Deep Research与可视化:AI的融资缺口

Deep Research与可视化:AI的融资缺口


Why Deep Research?

When a question comes to mind and rapid scaling is required, Deep Research is currently the fastest way.

Why Visualization?

Humans tend to get bogged down in details when processing textual information; visualization is an effective way to focus quickly and identify the next question.

Can Deep Research and Visualization Become a Final Product?

Yes and no, depending on how they are used. However, they serve as the best efficiency tools: quickly identifying issues and pinpointing where more time and effort need to be invested.

For example, following the post-earnings plunge of Oracle and AVGO (Broadcom)—though the reasons differed—Oracle's decline was purely due to missing expectations and concerns over cash burn, while for AVGO, it might be due to anticipated margin compression or simply being overpriced. But in reality, what lies beneath is a synthesis of the series of issues we've discussed previously, which is essentially a liquidity problem: how massive Capex will align with future revenue.

Deep Research can establish a reference framework, gathering enough data (which might be wrong) to perform calculations (which might also be wrong) and reach conclusions. Visualization helps people orient themselves rapidly.

Take the infographic below as an example: the analytical framework and mathematical model at least seem to make sense, and some conclusions appear generally reliable. The specific numbers, of course, undoubtedly contain errors.

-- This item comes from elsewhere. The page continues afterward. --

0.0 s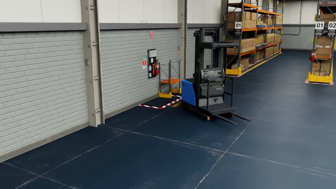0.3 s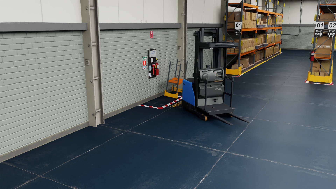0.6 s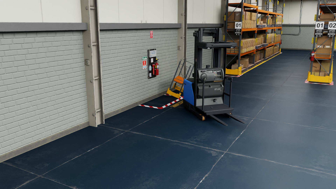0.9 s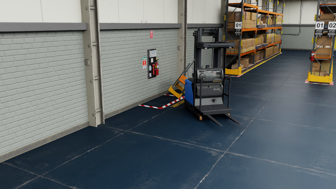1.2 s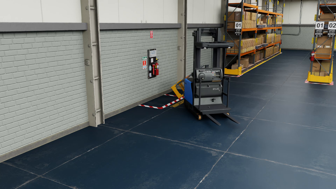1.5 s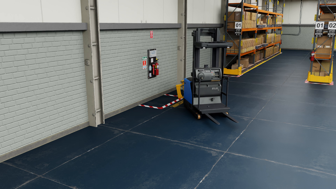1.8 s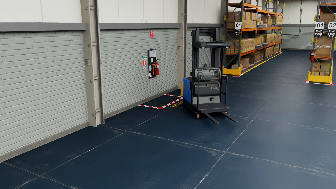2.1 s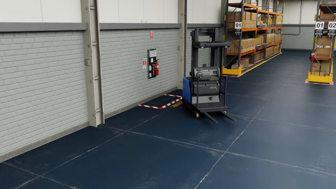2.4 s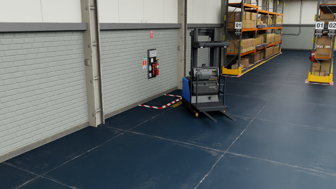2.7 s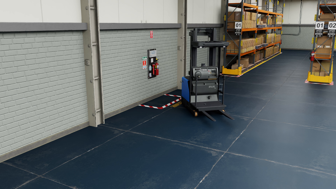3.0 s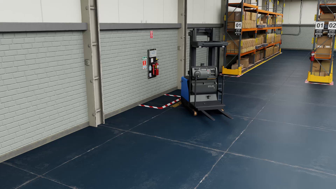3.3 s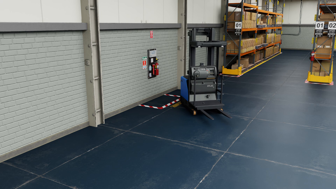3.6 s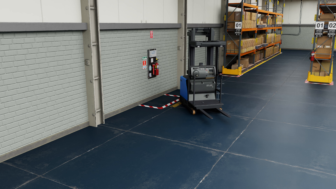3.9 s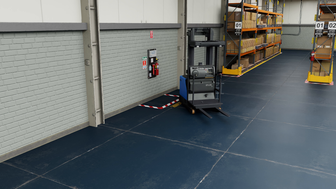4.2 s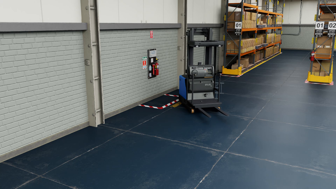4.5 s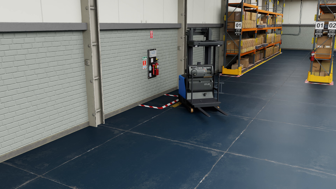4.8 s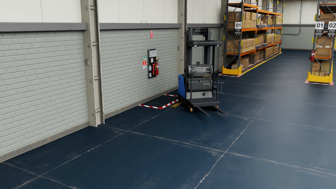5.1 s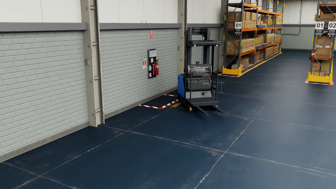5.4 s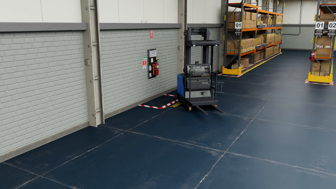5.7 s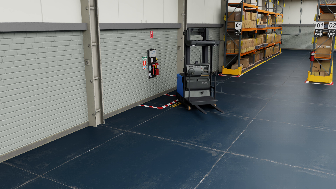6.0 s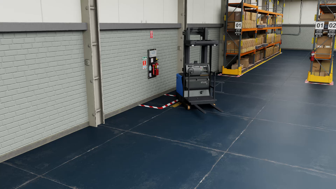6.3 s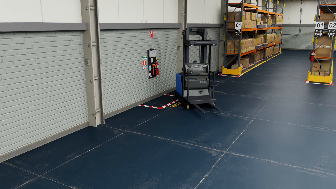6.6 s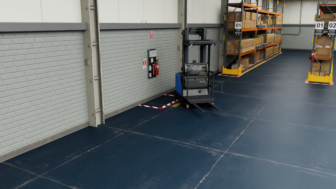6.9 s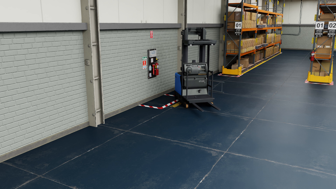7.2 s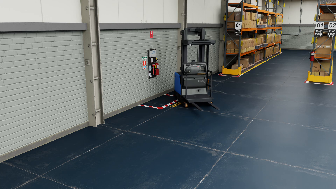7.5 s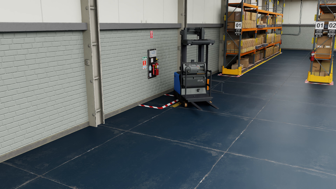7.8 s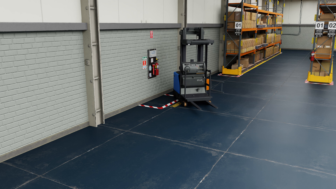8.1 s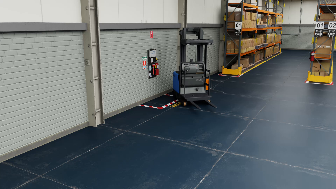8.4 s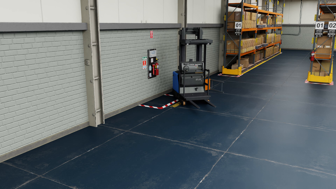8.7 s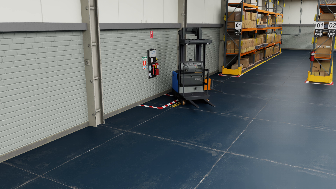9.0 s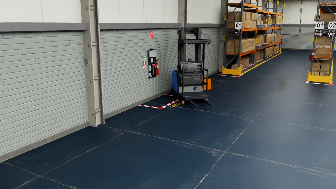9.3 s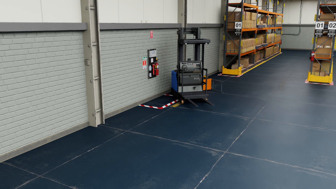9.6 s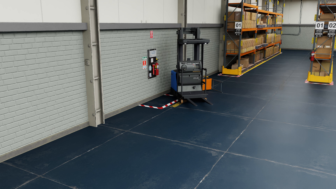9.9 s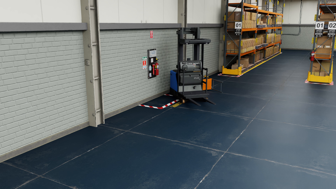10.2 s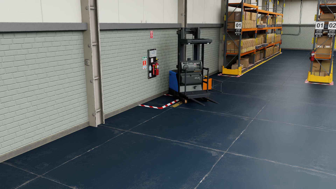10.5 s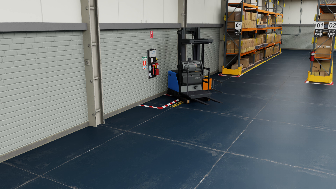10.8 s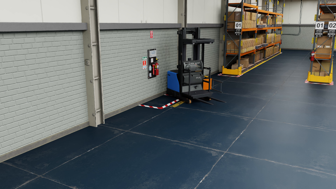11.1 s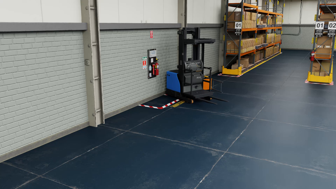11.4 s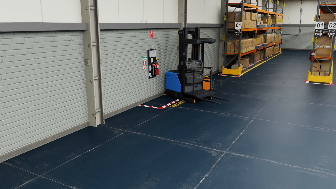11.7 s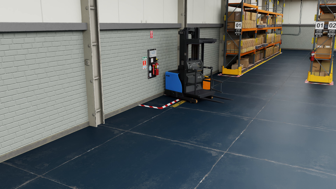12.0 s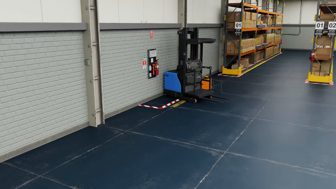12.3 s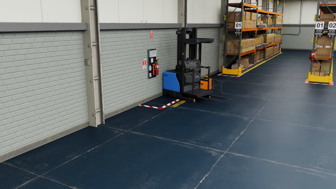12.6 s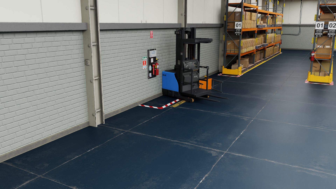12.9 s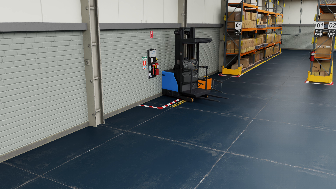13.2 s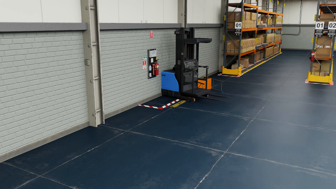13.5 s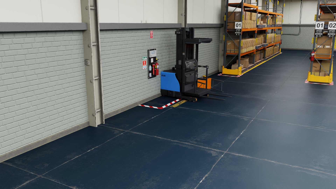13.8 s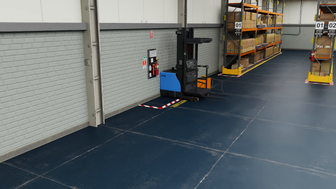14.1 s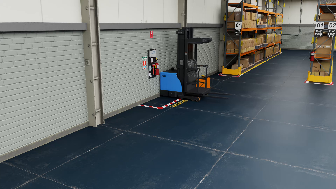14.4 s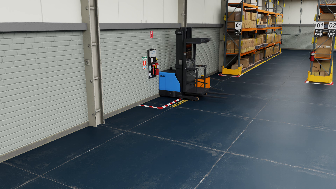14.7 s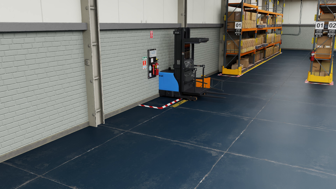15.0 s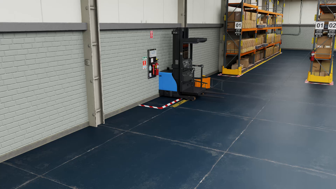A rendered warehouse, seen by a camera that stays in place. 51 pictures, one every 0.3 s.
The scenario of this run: A forklift runs into an object in its way.

The question is, what do we need? A perfect framework, precise calculations, or the factors that haven't been accounted for?

Everyone has a different answer, and I have mine.

Today, for me, this workflow addresses at least two "pain points": efficiency, which is obvious; and the issue of conclusions and recommendations. Independent media is not suited to provide specific investment conclusions or advice. Using entirely AI-generated results without human intervention can achieve at least two things: first, "AI generation may contain errors and is for reference only"; second, because it is AI-generated, people naturally harbor skepticism, leading them to focus more on the process rather than the result. Is this a disguised form of "investor education"? Just a little joke.

Therefore, the slides below are all generated, with content sourced from Gemini's Deep Research. The following content serves two purposes: first, as an exploration case for AI applications; and second, to provide a potentially viable line of thinking.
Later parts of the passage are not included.